No fuzzy search — uses Prisma's contains with mode: "insensitive" (translates to PostgreSQL ILIKE)
No full-text search infrastructure — no tsvector, no GiST/GIN indexes
Indexes: B-tree on fileName, creator, archiveType, indexedAt, plus PackageFile.fileName and extension
Search works for substring matching but won't match typos or similar names

1.7 Notification Infrastructure

pg_notify channels: bot_send, new_package (bot), plus 7 worker channels
Bot subscriptions: pattern-match (case-insensitive substring) on fileName and creator
UI notifications: Sonner toast (ephemeral only)
No persistent notification store — no database model for notifications
No notification UI panel in the web app
No alerts for: grouping conflicts, hash mismatches, missing parts, upload failures (beyond SkippedPackage table)

Deliverable 2: Revised Grouping Signal Stack

Recommended Implementation Plan

I recommend an incremental approach — implement signals in phases, starting with highest-value/lowest-risk.

Phase 1: Foundation (Required Before Other Signals)

Signal 9: Manual Override Persistence

Status: Partially implemented.
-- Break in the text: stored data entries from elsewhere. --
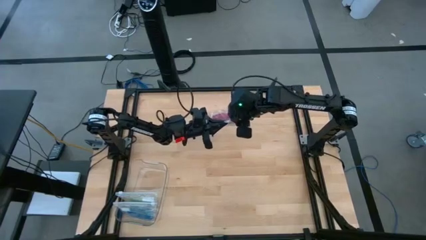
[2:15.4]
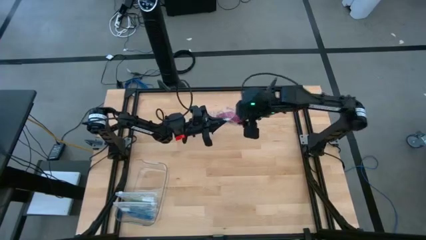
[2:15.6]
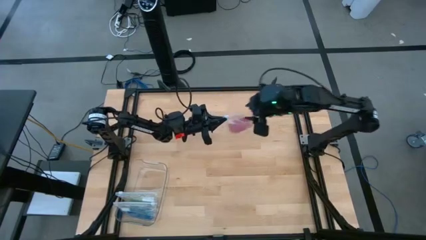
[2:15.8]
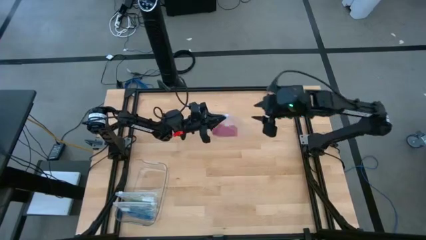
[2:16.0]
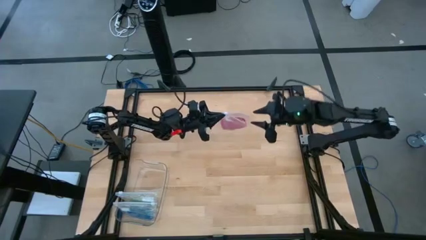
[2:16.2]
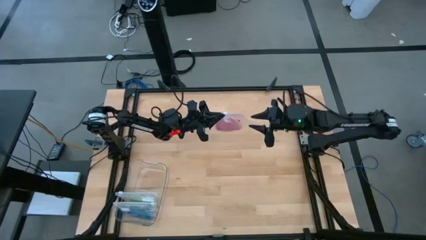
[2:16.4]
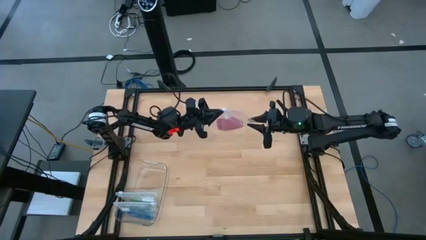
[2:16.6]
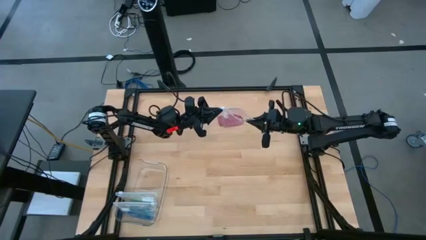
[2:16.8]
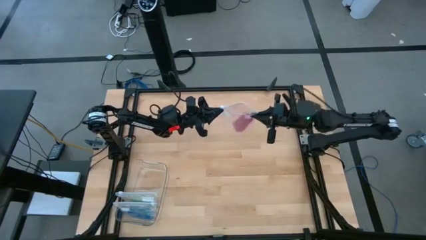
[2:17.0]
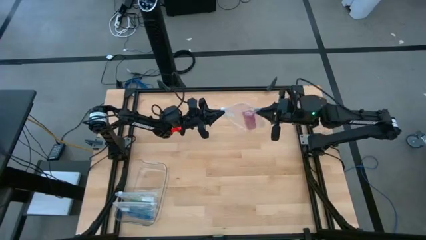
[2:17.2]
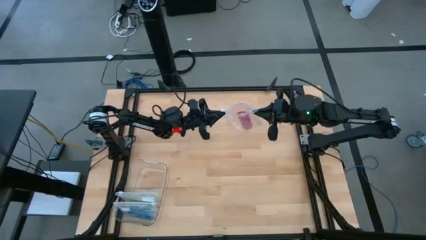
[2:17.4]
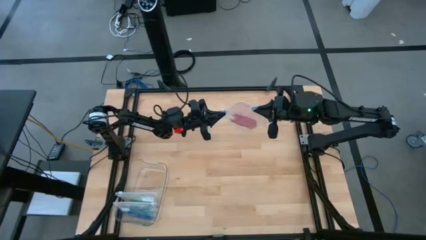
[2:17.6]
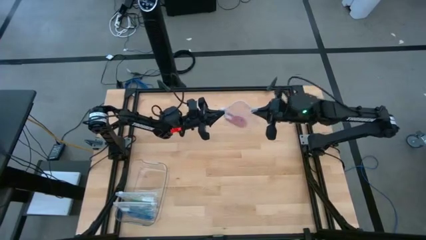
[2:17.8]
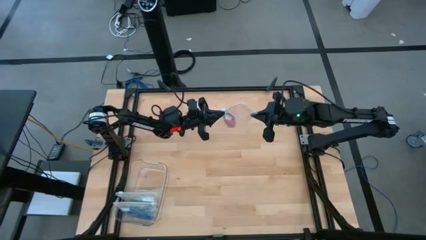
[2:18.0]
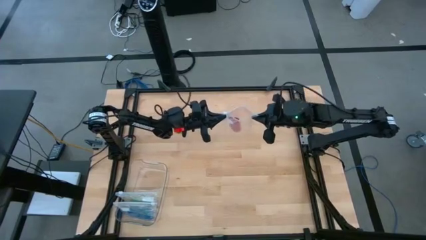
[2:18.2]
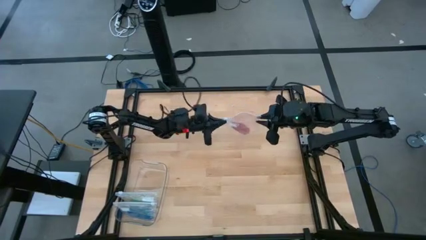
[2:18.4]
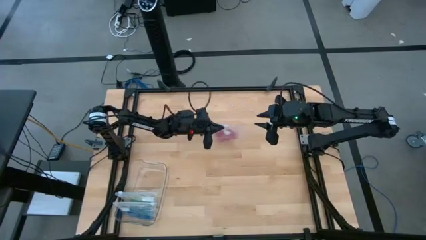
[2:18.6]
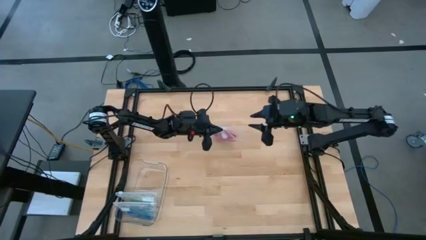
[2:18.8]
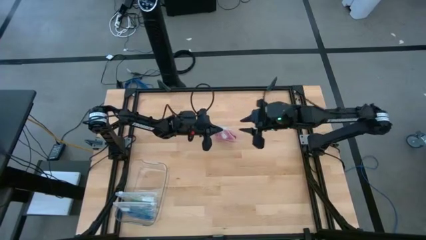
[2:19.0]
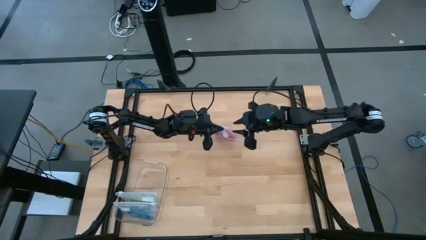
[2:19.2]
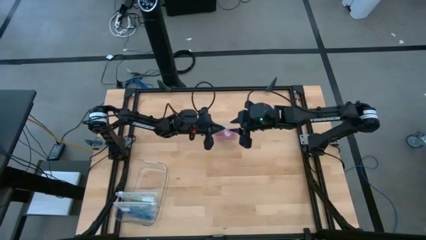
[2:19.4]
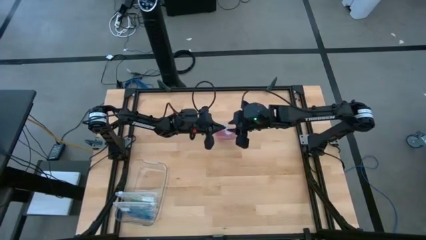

Manual groups exist but don't influence future auto-grouping.

Implementation:

Add groupingSource field to PackageGroup: "ALBUM" | "MANUAL" | "AUTO_PATTERN" | "AUTO_TIME" | "AUTO_REPLY" | "AUTO_ZIP" | "AUTO_CAPTION"
Manual groups already persist. What's missing is the training feedback where a manual grouping teaches the system to auto-group similar future files.
This requires a GroupingRule model (see schema diff below) that stores learned patterns from manual overrides.

Ungrouped Staging Queue

Implementation:

After ingestion, packages without a packageGroupId are naturally "ungrouped"
Add a filter/tab to the STL page: "Ungrouped" showing packages where packageGroupId IS NULL
No schema change needed — just a query filter

Phase 2: High-Value Automatic Signals

Signal 1: `mediaAlbumId` (Already Implemented)

No changes needed. This is working correctly.

Signal 2: `message_thread_id` Forum Topic Scoping

Status: Already used for scan scoping (worker scans by topic), but not used as a grouping signal.

Implementation:

sourceTopicId is already stored on Package (schema line 469)
Use it as a scoping constraint for all other signals: time-window, caption matching, etc. only apply within the same topic
No additional schema changes needed

Signal 5: Time Window + Sender Grouping

Implementation:

After album grouping, find ungrouped packages from the same source channel + topic
Within a configurable window (default 5 min), cluster by proximity
Since we don't have sender_id from the source channel (TDLib searchChatMessages doesn't return it for channels), this becomes time-window within topic/channel
New config: AUTO_GROUP_TIME_WINDOW_MINUTES (default: 5)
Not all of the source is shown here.